Falk: „Durch den mittelfristig drohenden Fachkräftemangel im ärztlichen und pflegerischen Bereich stehen fast alle Gesundheitseinrichtungen vor großen Herausforderungen. Vakante Stellenangebote zeitnah mit qualifizierten Fachkräften zu besetzen, ist für viele Träger und Krankenhäuser mit großen Schwierigkeiten verbunden, besonders bei der Stellenbesetzung in den hochqualifizierten Arbeitsbereichen „ärztliches Fachpersonal“, „IT-Management“, „Medizincontrolling“ und allen voran bei „qualifizierten Medizinberufen und Pflegekräften“.

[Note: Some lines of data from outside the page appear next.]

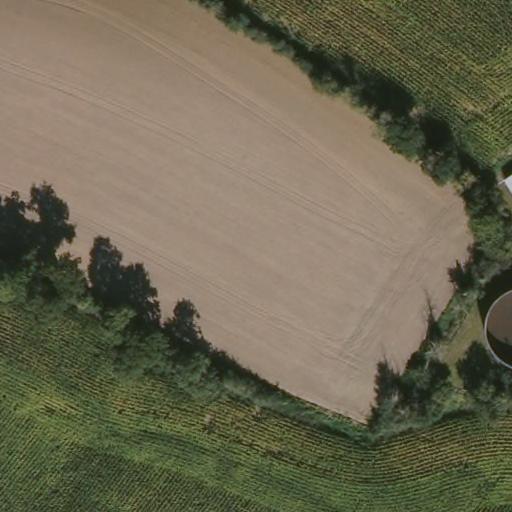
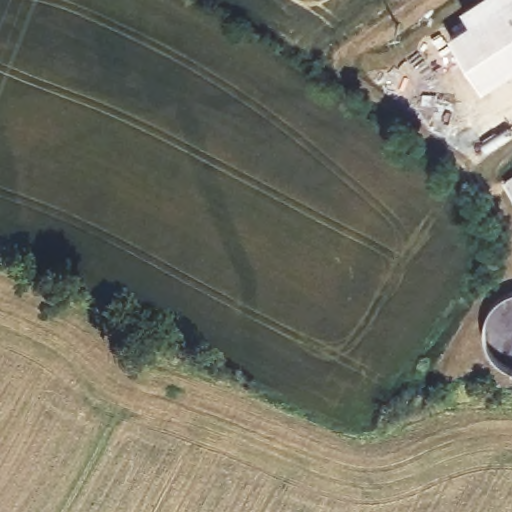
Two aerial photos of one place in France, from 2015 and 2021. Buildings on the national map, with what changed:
new [(512,0),(512,80),(490,93),(445,21),(479,0),(512,0)]
unchanged [(501,179),(512,172),(512,194),(501,179)]

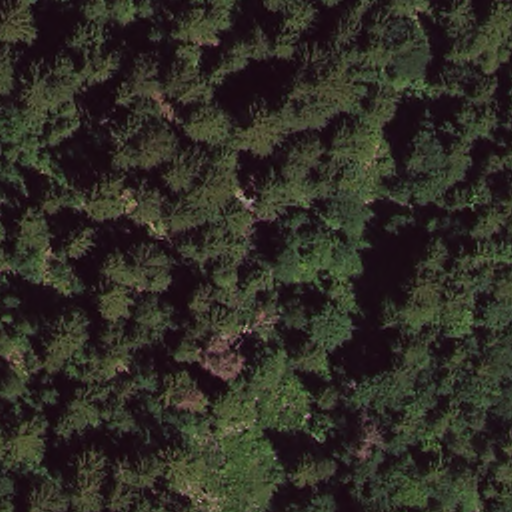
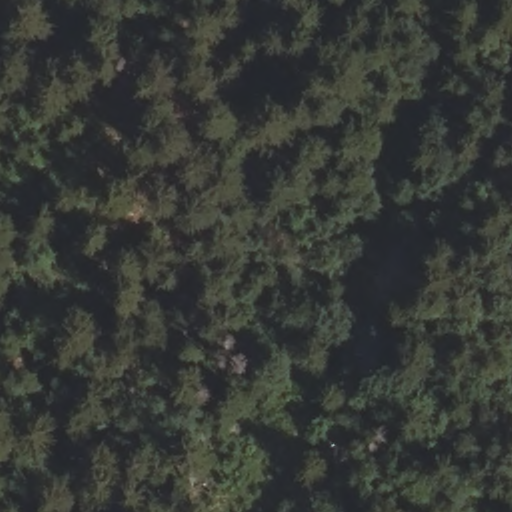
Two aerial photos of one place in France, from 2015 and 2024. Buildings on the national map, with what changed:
[]

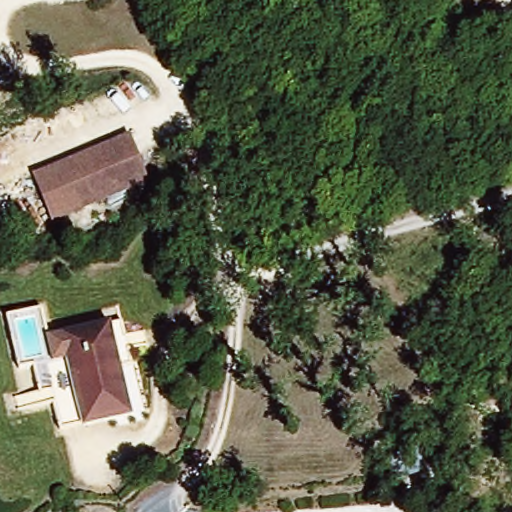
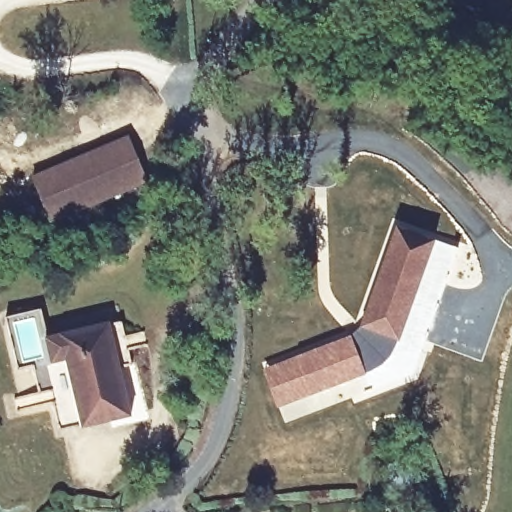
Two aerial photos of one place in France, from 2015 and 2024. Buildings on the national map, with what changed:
unchanged [(49,225),(31,180),(129,141),(147,185),(49,225)]
new [(355,327),(358,322),(394,221),(437,237),(436,240),(406,322),(394,350),(384,362),(366,373),(349,332),(355,327)]
unchanged [(111,326),(121,370),(109,372),(120,421),(71,432),(49,337),(98,326),(98,328),(111,326)]
new [(349,332),(366,373),(277,408),(262,368),(349,332)]

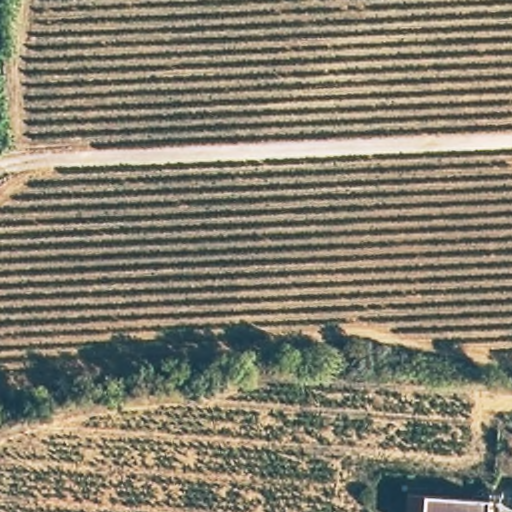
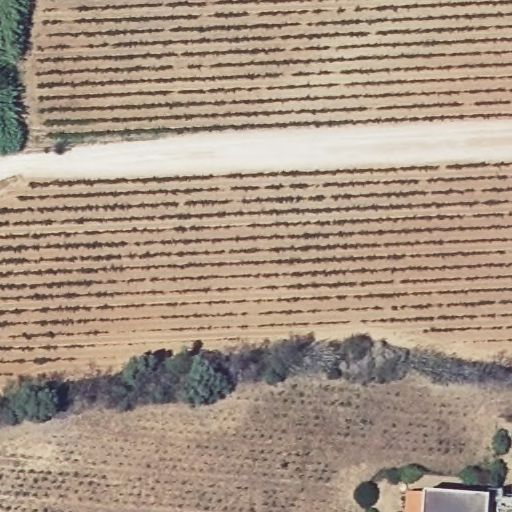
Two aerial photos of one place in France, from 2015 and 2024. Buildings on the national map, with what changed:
unchanged [(408,502),(485,508),(485,512),(407,512),(408,502)]

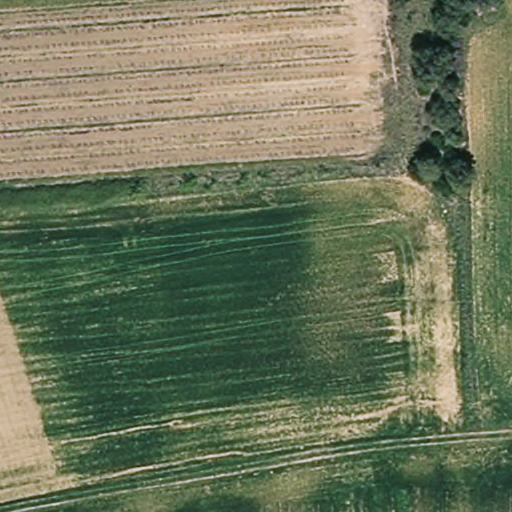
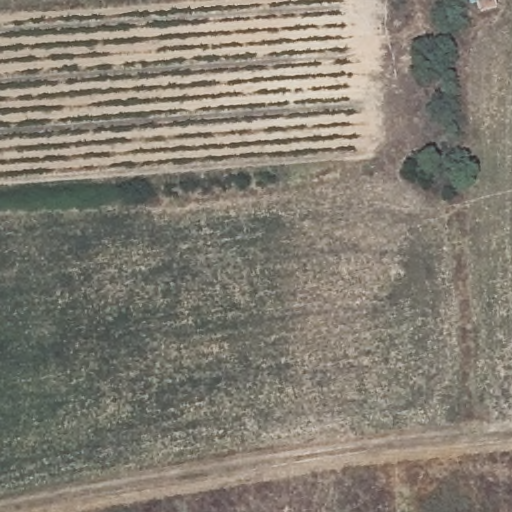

Ähnliches gelte für den Fachkräftemangel in Rehabilitationseinrichtungen, in der Kinder- und Jugendhilfe, in Pflegeheimen sowie in Einrichtungen für Menschen mit Behinderung. Die von „hoher Komplexität getragenen Arbeitsbedingungen und die ausbaufähige Familienfreundlichkeit“ im Gesundheits- und Sozialsektor gehören laut Falk, in den Fokus der Betrachtung, um adäquate Lösungen für die Zukunft erarbeiten zu können.

„Viele Arbeitgeber und die Landesregierung Rheinland-Pfalz haben diese Problematik bereits erkannt“, weiß Falk. Arbeitgeber und Arbeitnehmer stünden angesichts einer steigenden Behandlungs- und Pflegebedürftigkeit der Bevölkerung (demografische Entwicklung), dabei in gemeinsamer Verantwortung.

Was getan werden muss? Falk: „Alle Beteiligten und relevante politische Entscheidungsträger sollten weiterhin konstruktiv in diesem obligatorischen Weiterentwicklungsprozess miteinander zusammen arbeiten.“

„Gemeinsam stark in fairer und vertrauensvoller Kooperation für eine bestmögliche Gesundheitsversorgung der Bevölkerung“, lautet sein leidenschaftlicher Appell.